L'arrivée du permissionnaire
Victor LECOMTE ( 1856 - 1920 )
Victor Lecomte évoque, à travers cette toile, un instant fugace et passionné : celui des retrouvailles d'un couple au cours d'une permission pendant le Première Guerre mondiale. L’artiste immortalise ce doux moment, comme un arrêt sur image.
Un couple s’enlace, dans l’encadrement d’une porte. C’est un soldat qui retrouve son épouse au cours d’une permission. Les retrouvailles sont passionnées et on peut sans peine imaginer que les deux amoureux sont restés longtemps éloignés l’un de l’autre. Le chien de la maison a reconnu son maître et fête lui aussi son retour. Le chat, au contraire, reste immobile, comme un spectateur, au premier plan. Le soldat a encore la main sur la porte et, sur la table, le repas fume en attendant que le couple s’installe.
La présence des animaux domestiques est anecdotique. Mais elle vient dédramatiser l'instant. Cette toile est réalisée en 1917. D’ailleurs, c’est bien l’uniforme du poilu français que cet homme porte. On voit que la guerre n’en est plus à ses débuts : il a un uniforme bleu horizon, plus propice au camouflage que le pantalon rouge garance du début de la guerre. Et il porte un casque, plus utile contre les obus qu’un simple képi.
Victor Lecomte n’a pas connu le front, trop âgé pour être mobilisé – il a 58 ans en 1914. Et il n’a pas d’enfants qui auraient pu mourir dans les tranchées. De ce point de vue, il est un privilégié. Mais, comme tous ses contemporains, il est profondément marqué par les horreurs de cette nouvelle forme de guerre que sont les tranchées : plus question d’envahir le champ de bataille pour l’évacuer à la nuit tombée. La guerre est désormais présente à toute heure du jour et de la nuit. Et le danger peut venir de partout, y compris des airs. Le choc de ce conflit explique que Victor Lecomte s’éloigne pour une fois de ses sources d’inspiration traditionnelles, son quotidien en famille.

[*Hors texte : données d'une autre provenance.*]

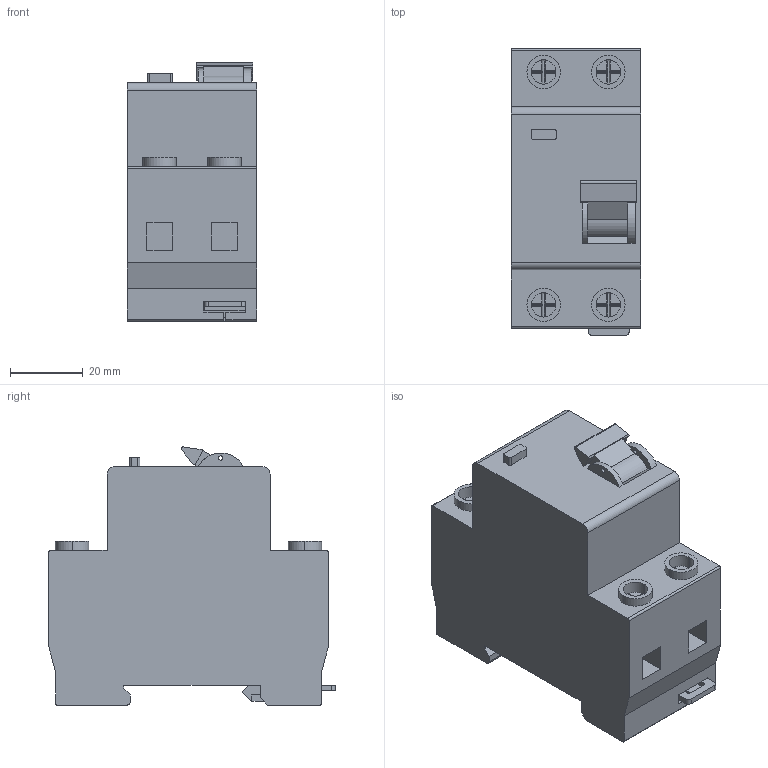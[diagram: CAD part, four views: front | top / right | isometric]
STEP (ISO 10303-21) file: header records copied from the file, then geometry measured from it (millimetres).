
FILE_DESCRIPTION (( 'STEP AP203' ), '1' );
FILE_NAME ('Äèô. Àâòîìàò 1P+N 16À 30ìÀ òèï ÀÑ õ-êà C ýë. 4,5êÀ ÀÄ-12 EKF Basic (DA12-16-30-bas).STEP', '2022-01-13T08:38:20', ( '' ), ( '' ), 'SwSTEP 2.0', 'SolidWorks 2021', '' );
FILE_SCHEMA (( 'CONFIG_CONTROL_DESIGN' ));
Length unit declared in the file: millimetre
Products named in the file (1): Äèô.  Àâòîìàò 1P+N 16À 30ìÀ òèï ÀÑ õ-êà C ýë. 4,5êÀ ÀÄ-12 EKF Basic (DA12-16-30-bas)
Bounding box: 35.5 x 78.7 x 70.96 mm (x, y, z)
Volume: 141454.9 mm3; surface area: 22109.8 mm2
Topology: 2 solids, 2 shells, 248 faces, 626 edges, 394 vertices
Faces by surface type: plane 205, cylinder 43
Entity records: 7407 total; most frequent: CARTESIAN_POINT 1269, DIRECTION 1254, ORIENTED_EDGE 1252, EDGE_CURVE 626, VECTOR 496, LINE 496, VERTEX_POINT 394, AXIS2_PLACEMENT_3D 379

Observez la pudeur de l’éclairage choisi par Victor Lecomte. Là encore, une grande partie de la scène est dans la pénombre. Et cette fois, les figures elles aussi y sont plongées. Le peintre semble ne pas vouloir déranger ce moment d’intimité. En revanche, la lampe posée sur la table éclaire frontalement le repas auquel l’épouse a dû consacrer une partie de la journée. Associée à la soupe fumante et réconfortante, cette lampe fait figure de symbole, symbole du foyer, de sa stabilité et de sa chaleur. Elle permet également de replacer l’instantané de la scène dans un temps qui se déroule : la préparation du repas en amont et le partage de ce même repas à l'arrivée du soldat.